Collected data entries »

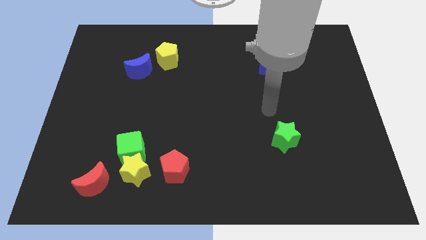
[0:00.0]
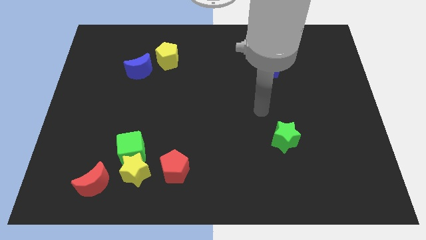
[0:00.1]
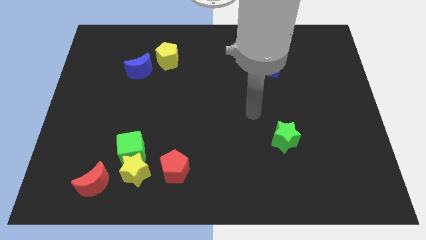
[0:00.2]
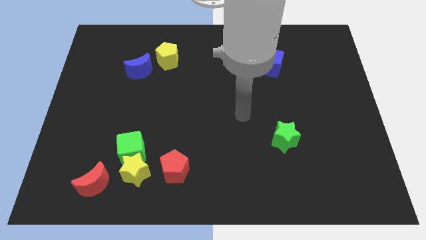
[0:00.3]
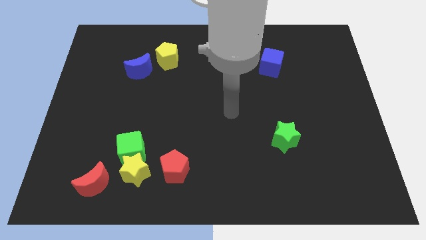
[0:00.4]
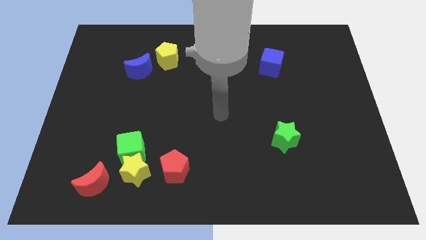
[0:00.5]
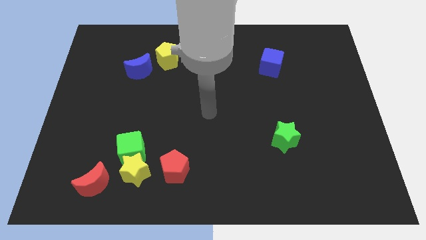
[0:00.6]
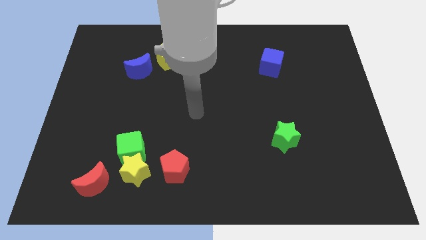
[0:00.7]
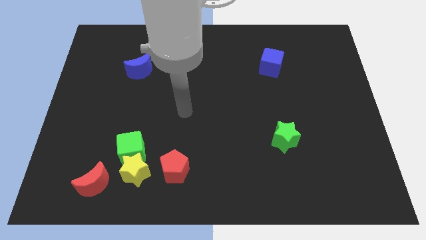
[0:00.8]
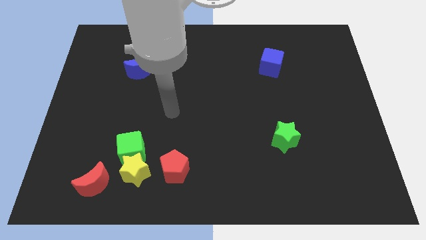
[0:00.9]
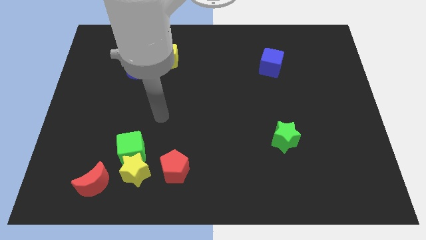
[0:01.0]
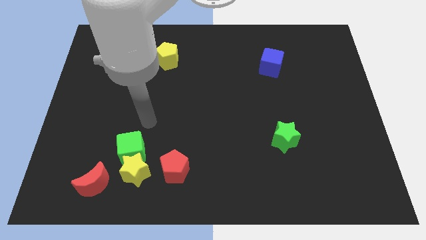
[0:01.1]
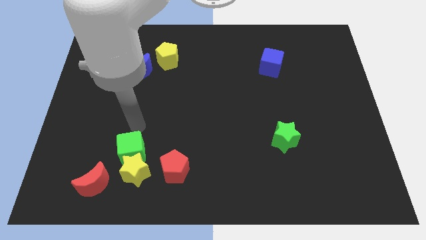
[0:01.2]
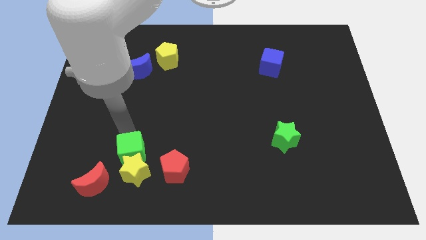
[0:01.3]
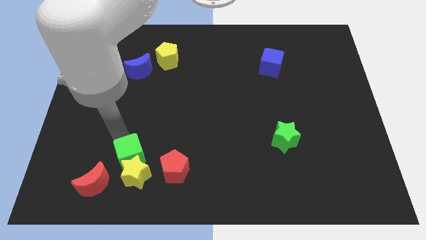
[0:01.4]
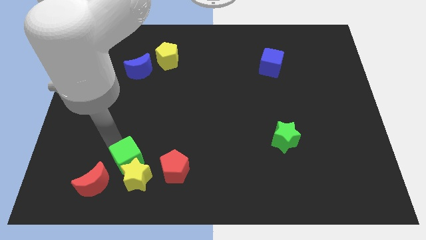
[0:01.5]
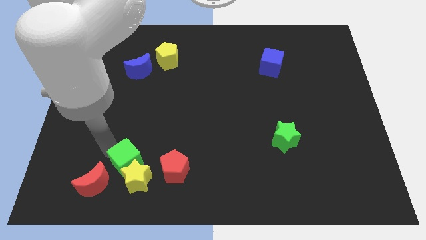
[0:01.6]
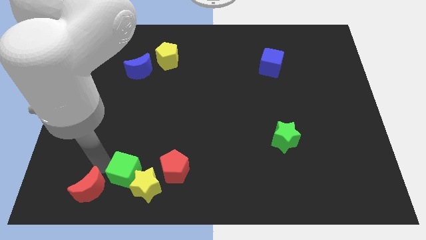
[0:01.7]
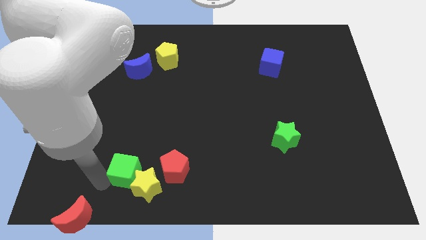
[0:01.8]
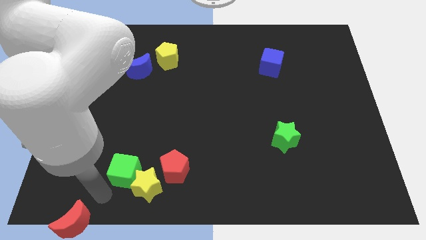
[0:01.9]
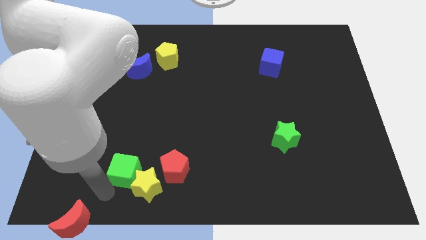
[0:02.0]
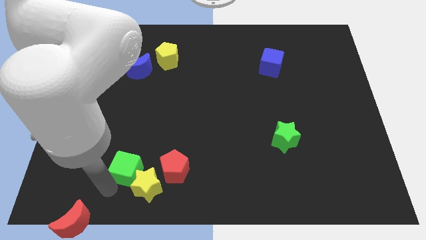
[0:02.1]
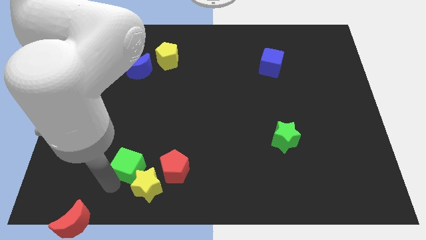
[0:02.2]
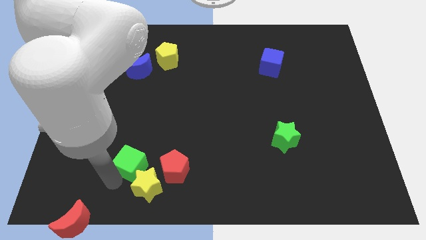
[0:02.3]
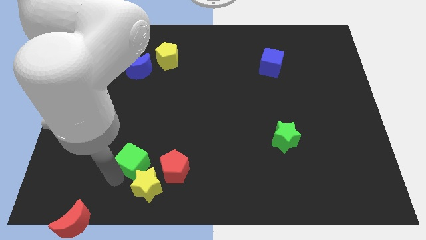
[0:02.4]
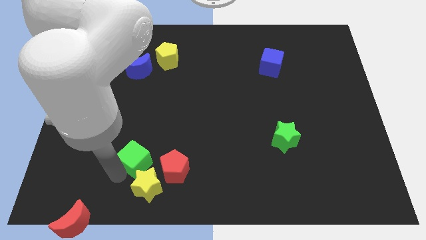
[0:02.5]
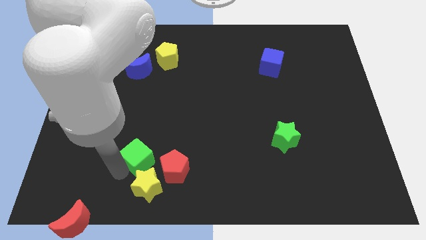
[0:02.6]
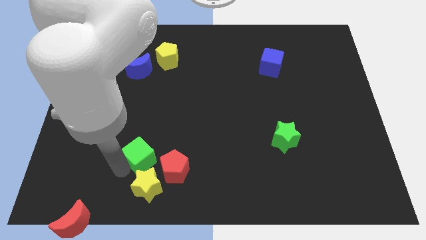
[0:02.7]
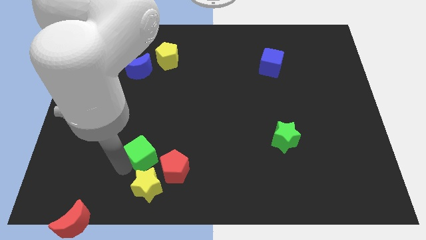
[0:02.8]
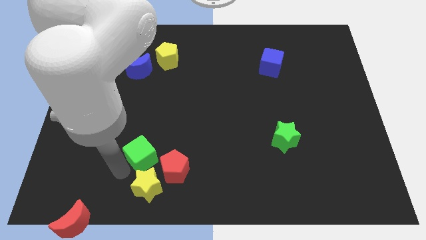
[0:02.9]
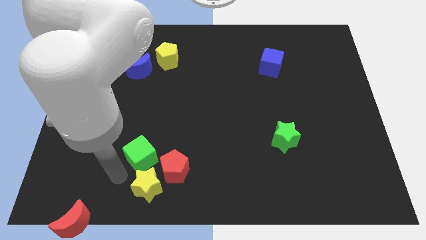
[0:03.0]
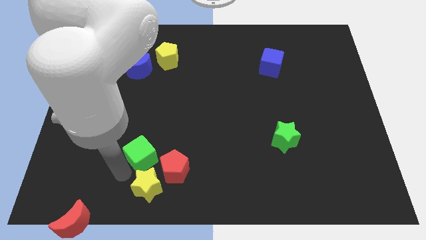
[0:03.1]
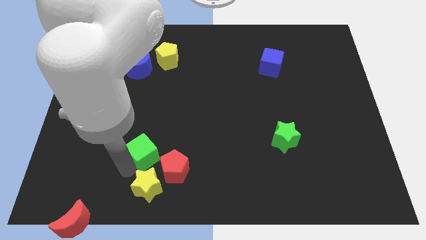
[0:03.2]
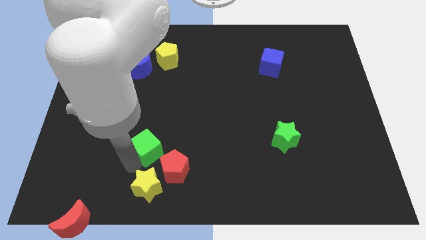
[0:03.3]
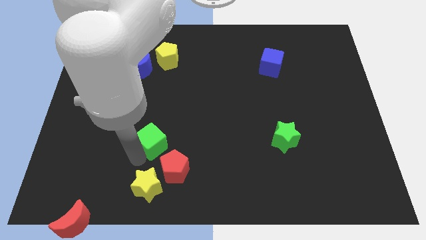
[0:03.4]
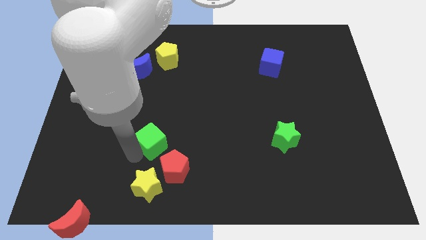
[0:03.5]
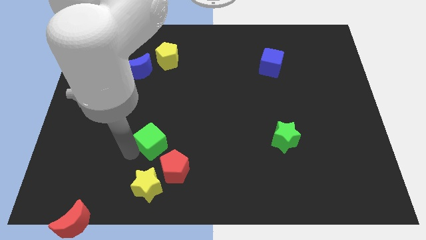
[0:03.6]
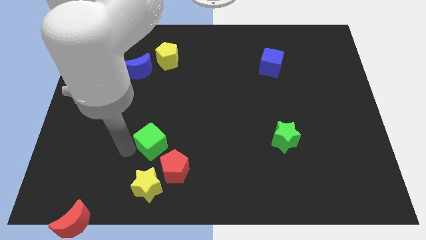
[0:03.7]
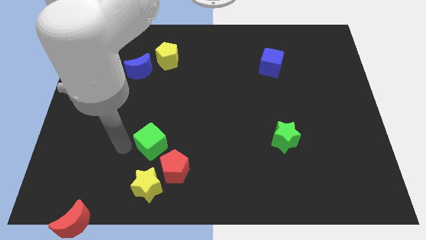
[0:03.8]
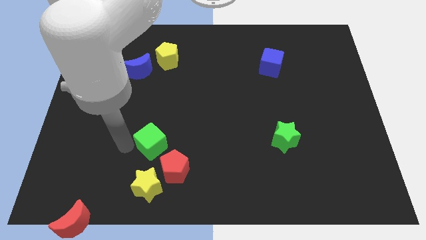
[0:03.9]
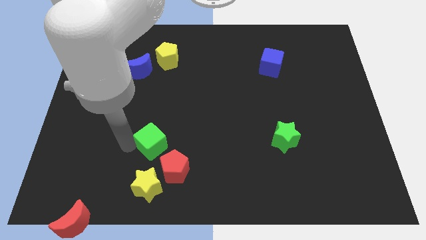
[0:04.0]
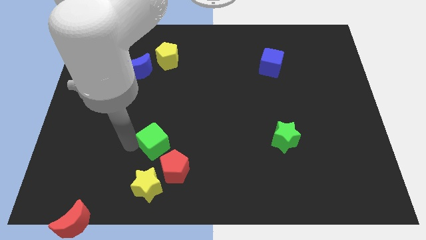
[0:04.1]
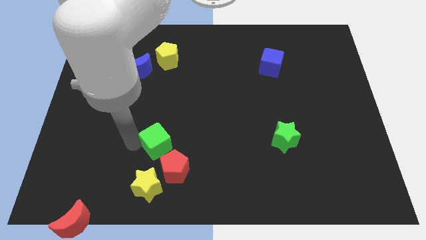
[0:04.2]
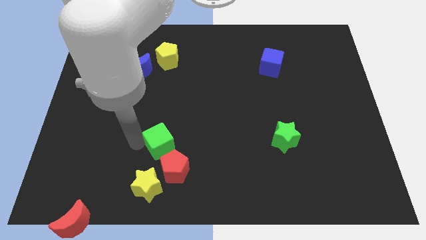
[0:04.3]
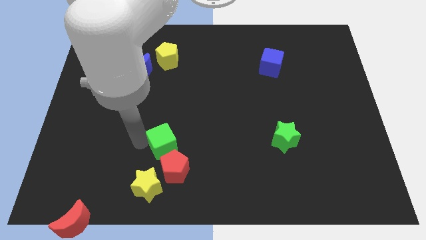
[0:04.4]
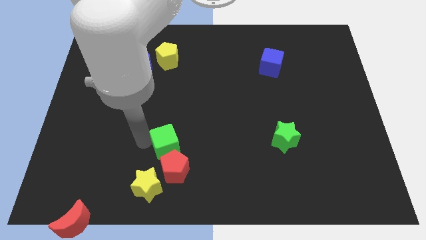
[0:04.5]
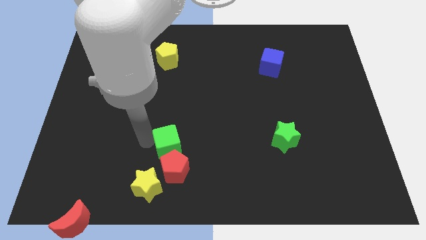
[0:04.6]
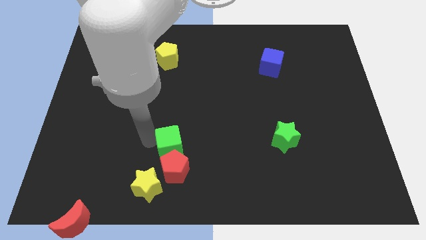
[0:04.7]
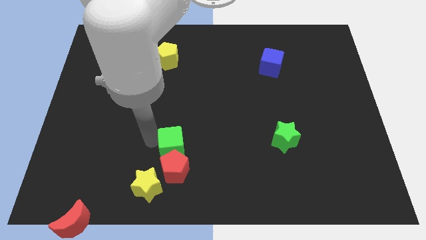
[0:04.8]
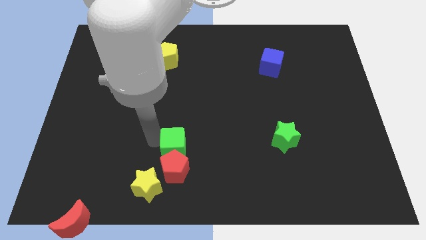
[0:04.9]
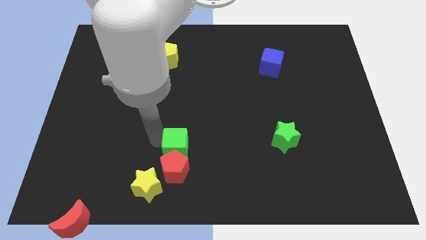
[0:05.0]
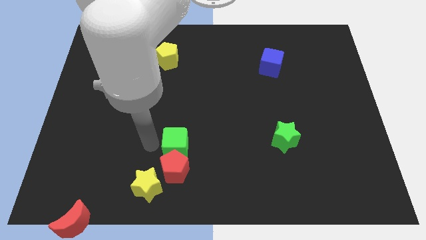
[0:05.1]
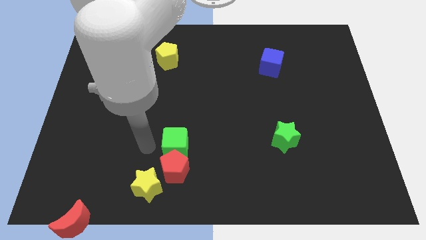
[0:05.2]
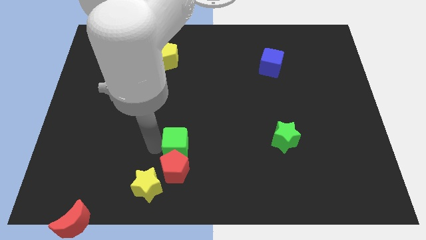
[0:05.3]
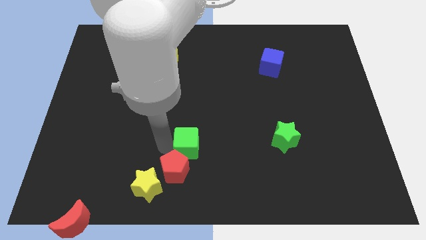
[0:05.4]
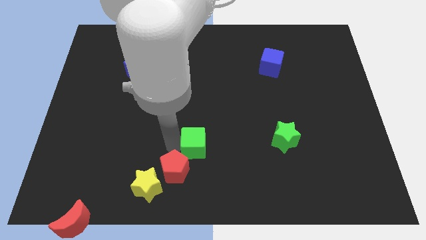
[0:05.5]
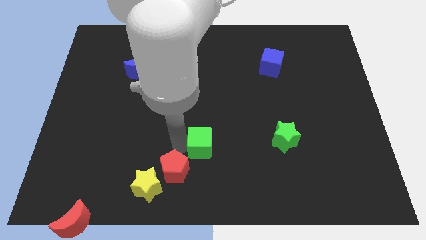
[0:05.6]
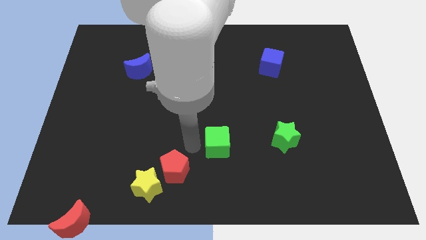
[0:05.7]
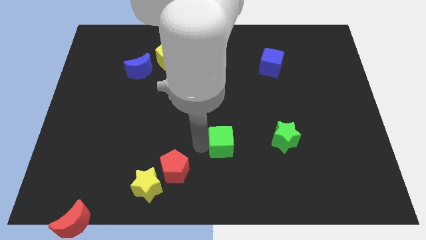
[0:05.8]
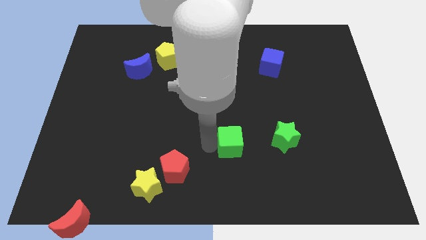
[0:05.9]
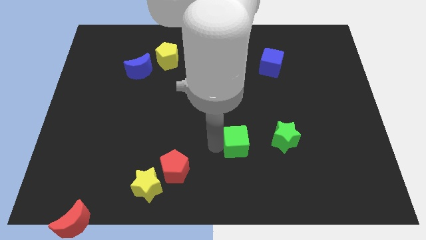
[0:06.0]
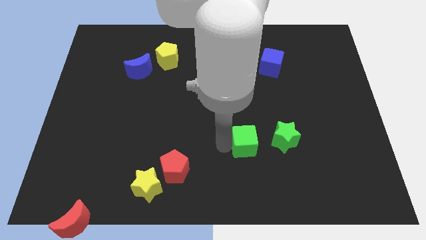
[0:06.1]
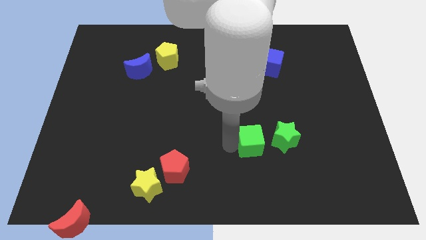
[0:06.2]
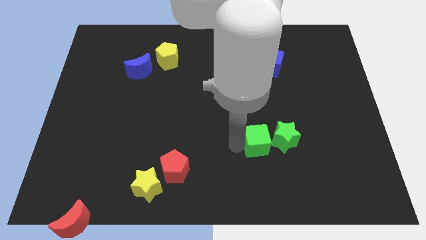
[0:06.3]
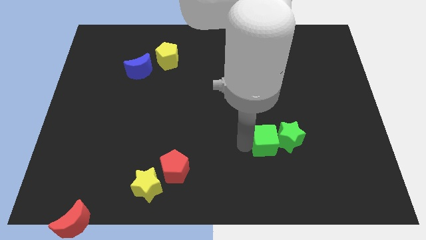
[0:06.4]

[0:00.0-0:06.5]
move the green cube next to the green star

Assigned task »
What you print must match the entries exactly, except that no pictures appear.

Answer »
[0:00.0]
[0:00.1]
[0:00.2]
[0:00.3]
[0:00.4]
[0:00.5]
[0:00.6]
[0:00.7]
[0:00.8]
[0:00.9]
[0:01.0]
[0:01.1]
[0:01.2]
[0:01.3]
[0:01.4]
[0:01.5]
[0:01.6]
[0:01.7]
[0:01.8]
[0:01.9]
[0:02.0]
[0:02.1]
[0:02.2]
[0:02.3]
[0:02.4]
[0:02.5]
[0:02.6]
[0:02.7]
[0:02.8]
[0:02.9]
[0:03.0]
[0:03.1]
[0:03.2]
[0:03.3]
[0:03.4]
[0:03.5]
[0:03.6]
[0:03.7]
[0:03.8]
[0:03.9]
[0:04.0]
[0:04.1]
[0:04.2]
[0:04.3]
[0:04.4]
[0:04.5]
[0:04.6]
[0:04.7]
[0:04.8]
[0:04.9]
[0:05.0]
[0:05.1]
[0:05.2]
[0:05.3]
[0:05.4]
[0:05.5]
[0:05.6]
[0:05.7]
[0:05.8]
[0:05.9]
[0:06.0]
[0:06.1]
[0:06.2]
[0:06.3]
[0:06.4]

[0:00.0-0:06.5]
move the green cube next to the green star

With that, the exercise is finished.